▶ **Work to be completed**
Copy each line of the records that holds the string "clipPath".

▶ **Study material**
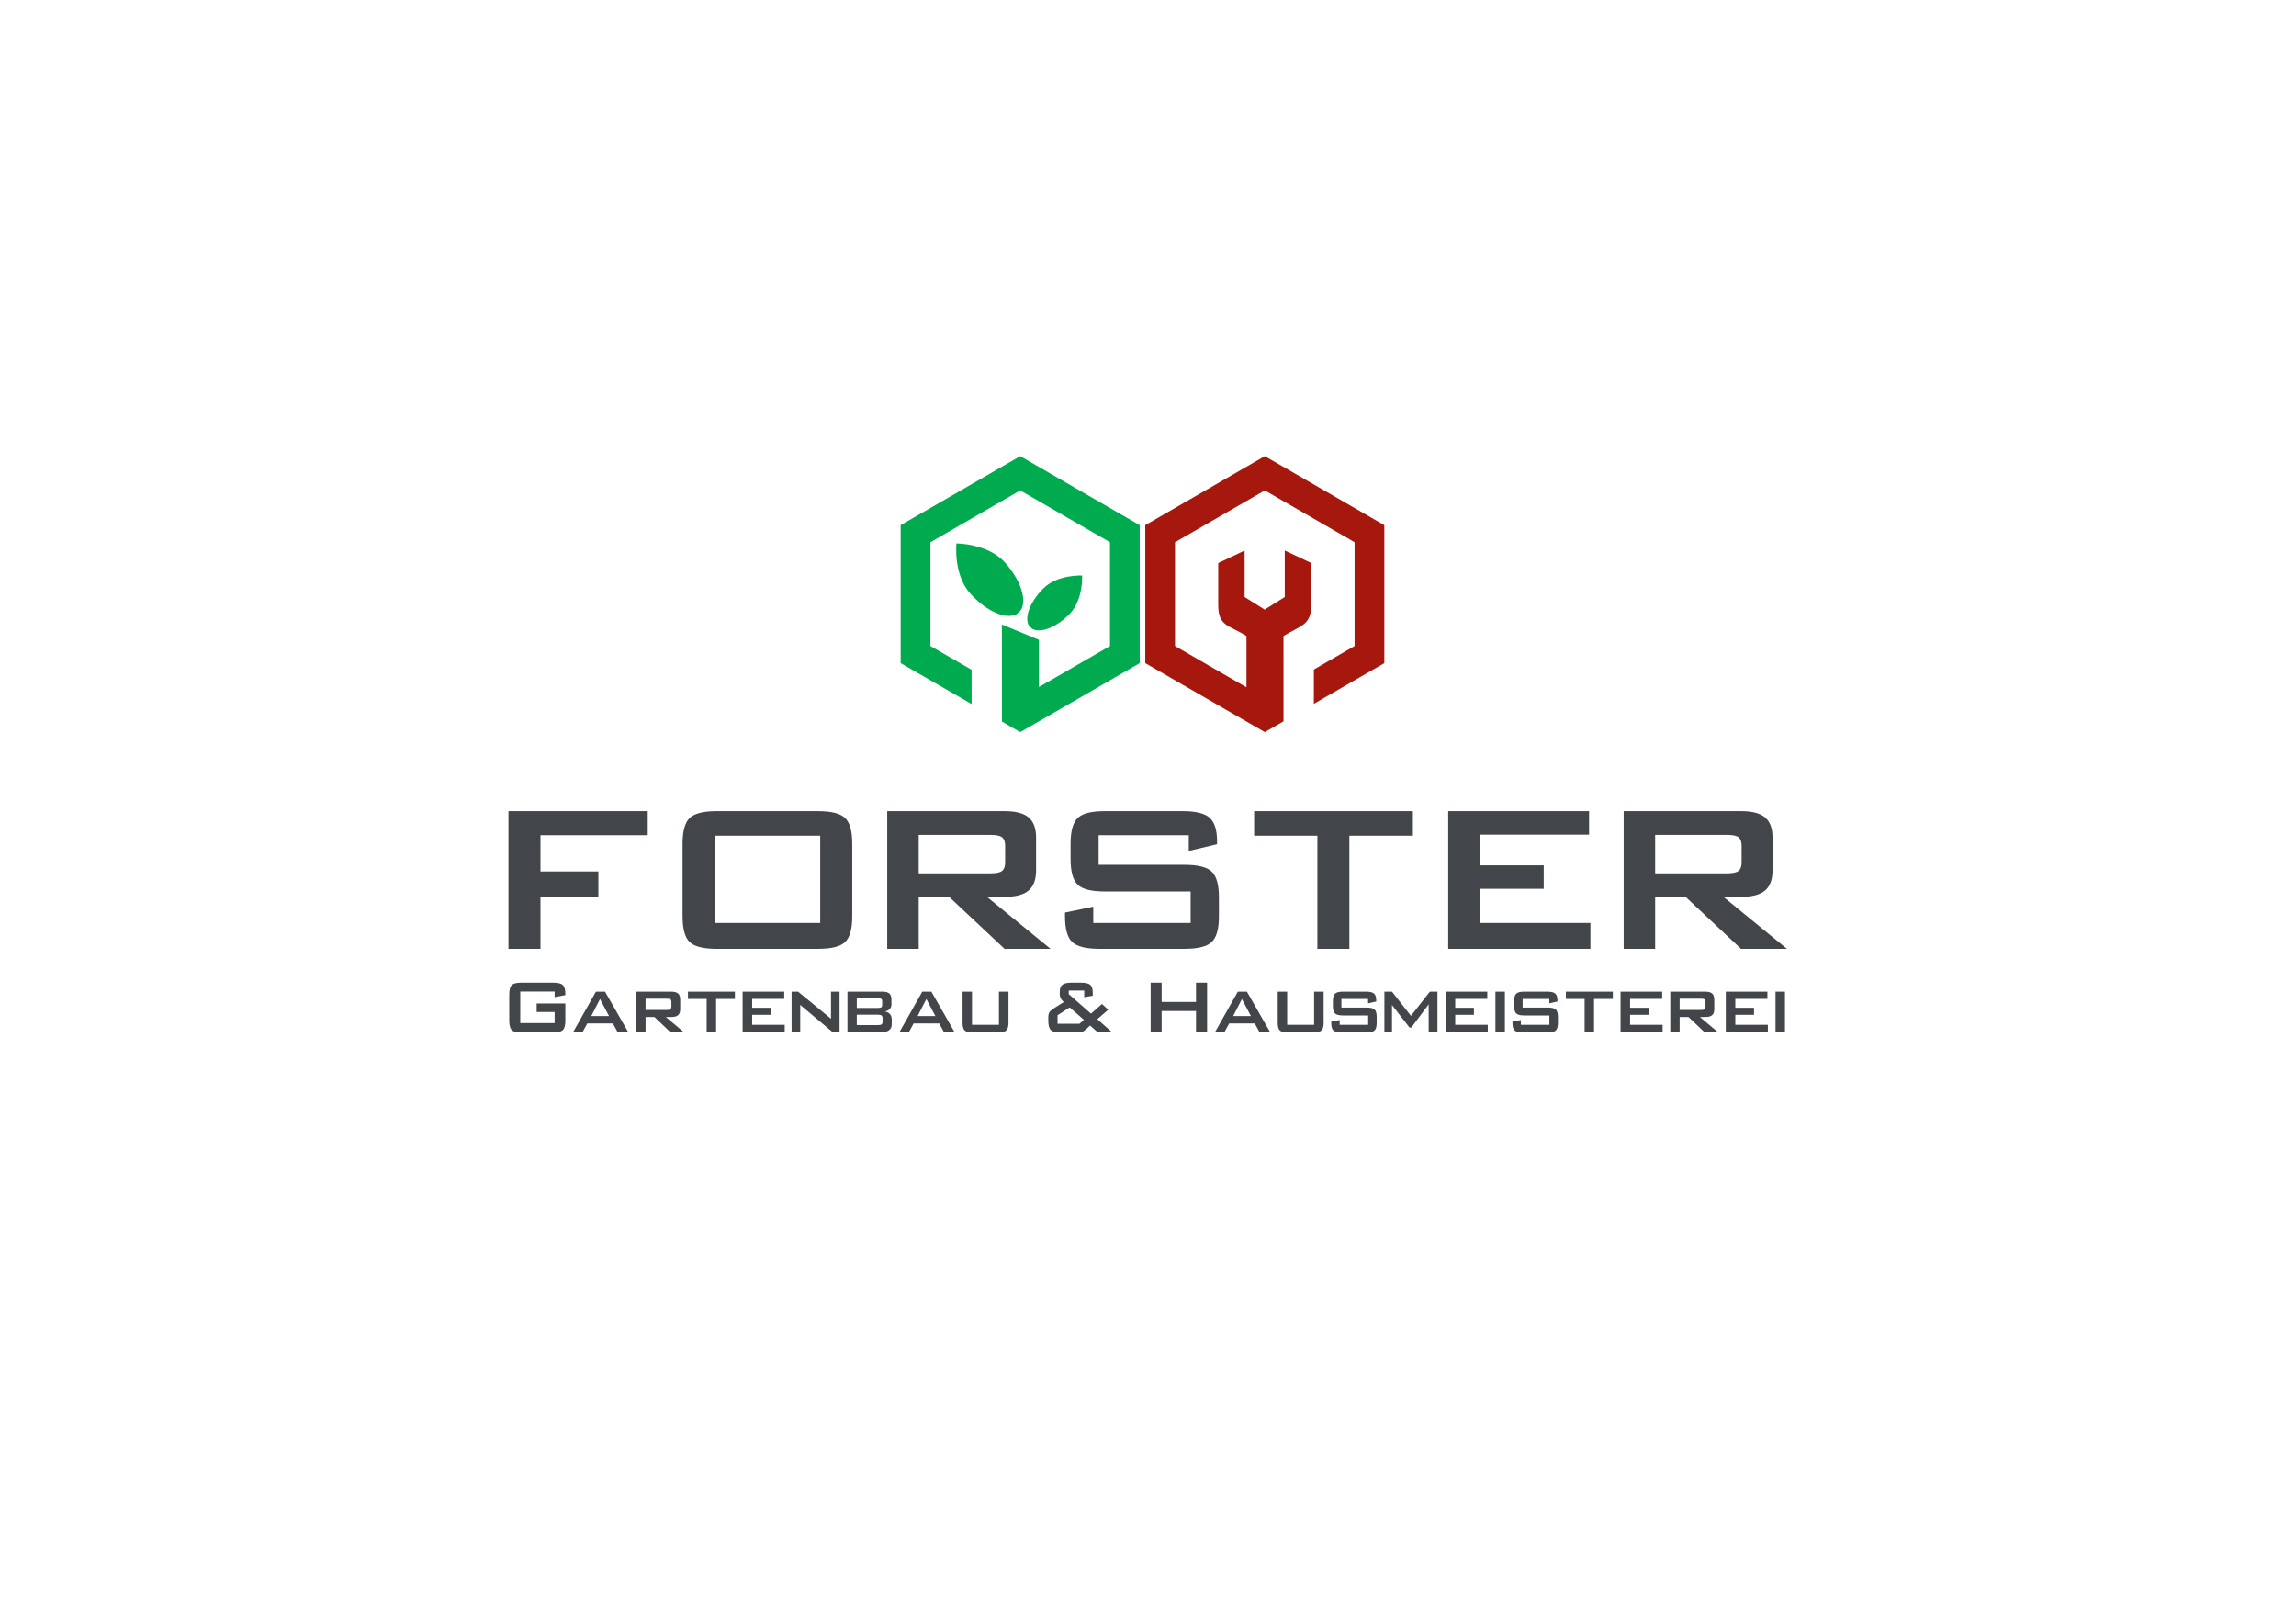 <svg version="1.2" baseProfile="tiny-ps" xmlns="http://www.w3.org/2000/svg" viewBox="0 0 1684 1191" width="1684" height="1191">
	<title>Vektorgrafik-pdf</title>
	<defs>
		<clipPath clipPathUnits="userSpaceOnUse" id="cp1">
			<path d="M0 0L1684 0L1684 1191L0 1191Z" />
		</clipPath>
	</defs>
	<style>
		tspan { white-space:pre }
		.shp0 { fill: #42454a } 
		.shp1 { fill: #a6180e } 
		.shp2 { fill: #00ab4f } 
	</style>
	<g id="Page 1" clip-path="url(#cp1)">
		<path id="Path 1" fill-rule="evenodd" class="shp0" d="M372.93 695.82L372.93 594.84L475.08 594.84L475.08 612.46L396.41 612.46L396.41 639.07L438.88 639.07L438.88 657.46L396.41 657.46L396.41 695.82L372.93 695.82ZM500.62 618.68C500.62 609.52 502.35 603.26 505.78 599.9C509.2 596.54 515.82 594.84 525.64 594.84L599.96 594.84C609.81 594.84 616.46 596.55 619.89 599.9C623.34 603.27 625.08 609.52 625.08 618.68L625.08 671.94C625.08 681.17 623.33 687.45 619.89 690.79C616.45 694.14 609.81 695.82 599.96 695.82L525.64 695.82C515.82 695.82 509.21 694.14 505.78 690.79C502.36 687.46 500.62 681.17 500.62 671.94L500.62 618.68ZM524.11 676.83L601.59 676.83L601.59 612.85L524.11 612.85L524.11 676.83ZM650.73 695.82L650.73 594.84L737.02 594.84C745.08 594.84 750.9 596.39 754.5 599.47C758.11 602.56 759.92 607.5 759.92 614.38L759.92 638.12C759.92 644.94 758.12 649.89 754.5 652.99C750.91 656.08 745.08 657.66 737.02 657.66L723.85 657.66L770.52 695.82L736.8 695.82L696.09 657.66L673.82 657.66L673.82 695.82L650.73 695.82ZM726.62 612.26L673.82 612.26L673.82 640.44L726.62 640.44C730.7 640.44 733.48 639.86 734.97 638.68C736.48 637.48 737.22 635.38 737.22 632.38L737.22 620.22C737.22 617.28 736.48 615.22 734.97 614.02C733.48 612.84 730.7 612.26 726.62 612.26ZM871.91 612.46L805.77 612.46L805.77 634.18L868.75 634.18C878.66 634.18 885.32 635.86 888.8 639.23C892.3 642.61 894.02 648.89 894.02 658.08L894.02 671.97C894.02 681.11 892.29 687.4 888.8 690.76C885.32 694.12 878.66 695.82 868.75 695.82L806.36 695.82C796.48 695.82 789.8 694.11 786.33 690.76C782.85 687.39 781.12 681.11 781.12 671.97L781.12 669.2L801.86 664.9L801.86 676.83L873.28 676.83L873.28 653.74L810.27 653.74C800.46 653.74 793.83 652.06 790.38 648.69C786.95 645.34 785.22 639.07 785.22 629.9L785.22 618.72C785.22 609.55 786.94 603.27 790.38 599.9C793.82 596.52 800.45 594.84 810.27 594.84L867.61 594.84C877.1 594.84 883.65 596.47 887.24 599.7C890.86 602.96 892.65 608.71 892.65 616.99L892.65 619.11L871.91 624L871.91 612.46ZM989.71 612.85L989.71 695.82L966.23 695.82L966.23 612.85L919.85 612.85L919.85 594.84L1036.28 594.84L1036.28 612.85L989.71 612.85ZM1062.2 695.82L1062.2 594.84L1165.52 594.84L1165.52 612.06L1085.68 612.06L1085.68 634.57L1132.25 634.57L1132.25 651.79L1085.68 651.79L1085.68 676.83L1166.49 676.83L1166.49 695.82L1062.2 695.82ZM1190.89 695.82L1190.89 594.84L1277.19 594.84C1285.24 594.84 1291.07 596.39 1294.67 599.47C1298.27 602.56 1300.08 607.5 1300.08 614.38L1300.08 638.12C1300.08 644.94 1298.28 649.89 1294.67 652.99C1291.08 656.08 1285.24 657.66 1277.19 657.66L1264.01 657.66L1310.68 695.82L1276.96 695.82L1236.26 657.66L1213.98 657.66L1213.98 695.82L1190.89 695.82ZM1266.79 612.26L1213.98 612.26L1213.98 640.44L1266.79 640.44C1270.86 640.44 1273.64 639.86 1275.13 638.68C1276.64 637.48 1277.39 635.38 1277.39 632.38L1277.39 620.22C1277.39 617.28 1276.64 615.22 1275.13 614.02C1273.64 612.84 1270.86 612.26 1266.79 612.26ZM406.79 727.13L381.58 727.13L381.58 750.26L406.79 750.26L406.79 742.13L393.61 742.13L393.61 735.9L414.66 735.9L414.66 748.49C414.66 751.83 414.06 754.1 412.87 755.31C411.69 756.52 409.41 757.12 406.04 757.12L382.11 757.12C378.73 757.12 376.46 756.52 375.28 755.31C374.11 754.1 373.51 751.83 373.51 748.49L373.51 729.26C373.51 725.94 374.1 723.68 375.28 722.46C376.46 721.24 378.73 720.63 382.11 720.63L406.04 720.63C409.37 720.63 411.65 721.22 412.85 722.42C414.06 723.62 414.66 725.78 414.66 728.9L414.66 729.74L406.79 731.24L406.79 727.13ZM420.22 757.12L437.09 727.21L443.76 727.21L460.89 757.12L453.11 757.12L449.53 750.54L430.72 750.54L427.14 757.12L420.22 757.12ZM433.67 745.1L446.7 745.1L440.08 732.63L433.67 745.1ZM466.63 757.12L466.63 727.21L492.25 727.21C494.59 727.21 496.28 727.66 497.33 728.57C498.38 729.48 498.9 730.97 498.9 733.03L498.9 740.05C498.9 742.09 498.38 743.55 497.33 744.45C496.28 745.36 494.59 745.81 492.25 745.81L488.35 745.81L501.86 757.12L491.92 757.12L480.01 745.81L473.49 745.81L473.49 757.12L466.63 757.12ZM489.3 732.37L473.49 732.37L473.49 740.64L489.3 740.64C490.5 740.64 491.33 740.45 491.78 740.09C492.22 739.72 492.45 739.1 492.45 738.23L492.45 734.78C492.45 733.91 492.22 733.29 491.78 732.92C491.33 732.56 490.5 732.37 489.3 732.37ZM525.22 732.58L525.22 757.12L518.3 757.12L518.3 732.58L504.59 732.58L504.59 727.21L539.01 727.21L539.01 732.58L525.22 732.58ZM544.67 757.12L544.67 727.21L575.19 727.21L575.19 732.51L551.66 732.51L551.66 739.02L565.38 739.02L565.38 744.18L551.66 744.18L551.66 751.53L575.53 751.53L575.53 757.12L544.67 757.12ZM580.6 757.12L580.6 727.21L585.36 727.21L609.5 747.07L609.5 727.21L615.76 727.21L615.76 757.12L610.97 757.12L586.92 736.94L586.92 757.12L580.6 757.12ZM621.56 757.12L621.56 727.21L647.1 727.21C649.49 727.21 651.21 727.66 652.26 728.57C653.3 729.48 653.83 730.97 653.83 733.02L653.83 736.6C653.83 737.97 653.41 739.09 652.58 739.96C651.76 740.83 650.56 741.42 648.98 741.72C650.58 742 651.81 742.64 652.7 743.64C653.58 744.64 654.03 745.9 654.03 747.42L654.03 751.26C654.03 753.22 653.3 754.68 651.83 755.66C650.37 756.64 648.16 757.12 645.2 757.12L621.56 757.12ZM643.92 732.09L628.42 732.09L628.42 739.16L643.92 739.16C645.12 739.16 645.95 738.99 646.39 738.67C646.83 738.36 647.04 737.8 647.04 737.01L647.04 734.18C647.04 733.41 646.82 732.87 646.4 732.56C645.97 732.24 645.14 732.09 643.92 732.09ZM643.92 744.11L628.42 744.11L628.42 751.75L643.92 751.75C645.23 751.75 646.13 751.55 646.6 751.16C647.07 750.77 647.31 750.07 647.31 749.08L647.31 746.81C647.31 745.82 647.07 745.12 646.6 744.71C646.13 744.31 645.23 744.11 643.92 744.11ZM659.57 757.12L676.44 727.21L683.11 727.21L700.24 757.12L692.46 757.12L688.88 750.54L670.08 750.54L666.49 757.12L659.57 757.12ZM673.02 745.1L686.05 745.1L679.43 732.63L673.02 745.1ZM712.91 727.21L712.91 751.53L732.67 751.53L732.67 727.21L739.67 727.21L739.67 750.05C739.67 752.76 739.15 754.62 738.11 755.62C737.07 756.63 735.09 757.12 732.18 757.12L713.4 757.12C710.5 757.12 708.54 756.63 707.52 755.64C706.5 754.65 705.99 752.78 705.99 750.05L705.99 727.21L712.91 727.21ZM777.57 757.12C774.18 757.12 771.88 756.51 770.68 755.29C769.47 754.07 768.87 751.79 768.87 748.48L768.87 746.1C768.87 744.51 769.13 743.27 769.65 742.36C770.16 741.47 771.35 740.46 773.17 739.3L780.22 734.84C779.2 733.92 778.45 733.04 777.98 732.18C777.51 731.32 777.28 730.36 777.28 729.34L777.28 727.29C777.28 724.87 777.91 723.16 779.18 722.15C780.45 721.13 782.68 720.63 785.87 720.63L792.86 720.63C796.2 720.63 798.47 721.16 799.67 722.22C800.87 723.28 801.48 725.2 801.48 727.98L801.48 730.2L795.22 731.31L795.22 726.43L783.86 726.43L783.86 729.04L800.2 743.33L808.24 736.26L812.84 740.43L804.83 747.41L815.8 757.12L805.23 757.12L799.52 752.04L796.43 754.94C795.53 755.79 794.64 756.34 793.82 756.65C793 756.96 791.7 757.12 789.9 757.12L777.57 757.12ZM775.66 750.76L791.75 750.76L794.97 747.86L784.56 738.75L775.66 744.51L775.66 750.76ZM843.94 757.12L843.94 720.63L852.01 720.63L852.01 734.77L877.22 734.77L877.22 720.63L885.35 720.63L885.35 757.12L877.22 757.12L877.22 741.42L852.01 741.42L852.01 757.12L843.94 757.12ZM891.01 757.12L907.89 727.21L914.55 727.21L931.68 757.12L923.91 757.12L920.32 750.54L901.52 750.54L897.94 757.12L891.01 757.12ZM904.47 745.1L917.5 745.1L910.88 732.63L904.47 745.1ZM944.08 727.21L944.08 751.53L963.84 751.53L963.84 727.21L970.83 727.21L970.83 750.05C970.83 752.76 970.32 754.62 969.27 755.62C968.23 756.63 966.26 757.12 963.35 757.12L944.57 757.12C941.67 757.12 939.71 756.63 938.69 755.64C937.67 754.65 937.15 752.78 937.15 750.05L937.15 727.21L944.08 727.21ZM1003.42 732.58L983.86 732.58L983.86 738.88L1002.37 738.88C1005.27 738.88 1007.24 739.37 1008.24 740.35C1009.24 741.32 1009.74 743.18 1009.74 745.92L1009.74 750.05C1009.74 752.78 1009.23 754.65 1008.21 755.64C1007.18 756.63 1005.24 757.12 1002.37 757.12L983.93 757.12C980.99 757.12 979 756.63 977.96 755.64C976.92 754.65 976.4 752.78 976.4 750.05L976.4 749.21L982.58 748L982.58 751.53L1003.49 751.53L1003.49 744.67L985.07 744.67C982.16 744.67 980.19 744.18 979.15 743.18C978.12 742.18 977.61 740.31 977.61 737.59L977.61 734.25C977.61 731.55 978.12 729.72 979.15 728.71C980.19 727.71 982.16 727.21 985.07 727.21L1001.94 727.21C1004.8 727.21 1006.76 727.69 1007.82 728.64C1008.88 729.6 1009.41 731.28 1009.41 733.71L1009.41 734.43L1003.42 735.76L1003.42 732.58ZM1015.39 757.12L1015.39 727.21L1020.97 727.21L1034.87 744.96L1048.73 727.21L1054.31 727.21L1054.31 757.12L1047.86 757.12L1047.86 736.53L1035.16 753.53L1033.82 753.53L1020.97 737.01L1020.97 757.12L1015.39 757.12ZM1060.35 757.12L1060.35 727.21L1090.87 727.21L1090.87 732.51L1067.34 732.51L1067.34 739.02L1081.05 739.02L1081.05 744.18L1067.34 744.18L1067.34 751.53L1091.21 751.53L1091.21 757.12L1060.35 757.12ZM1096.83 757.12L1096.83 727.21L1103.76 727.21L1103.76 757.12L1096.83 757.12ZM1136.35 732.58L1116.78 732.58L1116.78 738.88L1135.29 738.88C1138.2 738.88 1140.16 739.37 1141.17 740.35C1142.16 741.32 1142.67 743.18 1142.67 745.92L1142.67 750.05C1142.67 752.78 1142.15 754.65 1141.13 755.64C1140.1 756.63 1138.16 757.12 1135.29 757.12L1116.85 757.12C1113.92 757.12 1111.92 756.63 1110.88 755.64C1109.84 754.65 1109.32 752.78 1109.32 750.05L1109.32 749.21L1115.51 748L1115.51 751.53L1136.41 751.53L1136.41 744.67L1117.99 744.67C1115.08 744.67 1113.11 744.18 1112.08 743.18C1111.05 742.18 1110.53 740.31 1110.53 737.59L1110.53 734.25C1110.53 731.55 1111.05 729.72 1112.08 728.71C1113.11 727.71 1115.08 727.21 1117.99 727.21L1134.87 727.21C1137.73 727.21 1139.68 727.69 1140.74 728.64C1141.8 729.6 1142.33 731.28 1142.33 733.71L1142.33 734.43L1136.35 735.76L1136.35 732.58ZM1169.16 732.58L1169.16 757.12L1162.23 757.12L1162.23 732.58L1148.52 732.58L1148.52 727.21L1182.94 727.21L1182.94 732.58L1169.16 732.58ZM1188.6 757.12L1188.6 727.21L1219.13 727.21L1219.13 732.51L1195.6 732.51L1195.6 739.02L1209.31 739.02L1209.31 744.18L1195.6 744.18L1195.6 751.53L1219.46 751.53L1219.46 757.12L1188.6 757.12ZM1225.09 757.12L1225.09 727.21L1250.7 727.21C1253.04 727.21 1254.74 727.66 1255.79 728.57C1256.83 729.48 1257.35 730.97 1257.35 733.03L1257.35 740.05C1257.35 742.09 1256.83 743.55 1255.79 744.45C1254.73 745.36 1253.04 745.81 1250.7 745.81L1246.8 745.81L1260.31 757.12L1250.38 757.12L1238.46 745.81L1231.94 745.81L1231.94 757.12L1225.09 757.12ZM1247.75 732.37L1231.94 732.37L1231.94 740.64L1247.75 740.64C1248.95 740.64 1249.78 740.45 1250.23 740.09C1250.68 739.72 1250.9 739.1 1250.9 738.23L1250.9 734.78C1250.9 733.91 1250.68 733.29 1250.23 732.92C1249.78 732.56 1248.95 732.37 1247.75 732.37ZM1265.79 757.12L1265.79 727.21L1296.31 727.21L1296.31 732.51L1272.78 732.51L1272.78 739.02L1286.49 739.02L1286.49 744.18L1272.78 744.18L1272.78 751.53L1296.64 751.53L1296.64 757.12L1265.79 757.12ZM1302.27 757.12L1302.27 727.21L1309.19 727.21L1309.19 757.12L1302.27 757.12Z" />
		<path id="Path 2" class="shp1" d="M933.12 337.63C960.54 353.46 987.91 369.29 1015.34 385.13L1015.34 486.28L963.65 516.12L963.65 490.98L993.52 473.74L993.52 397.62C971.57 384.94 949.62 372.29 927.67 359.62L861.81 397.64L861.81 473.74C879.3 483.84 896.74 493.93 914.22 504.02L914.22 466.37C901.39 458.38 893.51 459.35 893.51 443.67C893.51 433.42 893.51 423.17 893.51 412.92L912.86 403.71L912.86 437.81L927.58 447.03L942.31 437.81L942.31 403.71L961.84 412.91L961.84 443.53C961.47 458.49 954.87 458.31 941.39 466.36C941.39 487.56 941.4 507.77 941.4 528.96L927.69 536.88C898.45 520.01 869.22 503.16 839.99 486.28L839.99 385.1L927.67 334.48L933.12 337.63Z" />
		<path id="Path 3" class="shp2" d="M753.71 337.63C781.14 353.47 808.5 369.29 835.93 385.13L835.93 486.28L748.28 536.88L734.89 529.15C734.89 506.75 734.82 510.64 734.82 457.96L761.98 469.17L761.98 503.83L814.11 473.74L814.11 397.62C792.16 384.94 770.21 372.29 748.26 359.62L682.41 397.64L682.41 473.74L712.63 491.19L712.63 516.3C695.29 506.29 677.93 496.29 660.58 486.28L660.58 385.1L748.26 334.48L753.71 337.63ZM745.53 450.41L748.58 447.66C753.5 440.49 748.73 425.41 737.04 412.43C724.41 398.43 701.49 398.52 701.49 398.52C701.49 398.52 699.05 421.3 711.68 435.3C723.38 448.27 737.9 454.57 745.53 450.41ZM793.69 422.05C793.69 422.05 775.68 421.05 765.19 431.55C755.47 441.27 751.11 452.94 754.68 458.77L756.97 461.05C762.81 464.64 774.47 460.27 784.19 450.55C794.69 440.06 793.69 422.05 793.69 422.05Z" />
	</g>
</svg>

▶ **Answer to the problem**
		<clipPath clipPathUnits="userSpaceOnUse" id="cp1">
		</clipPath>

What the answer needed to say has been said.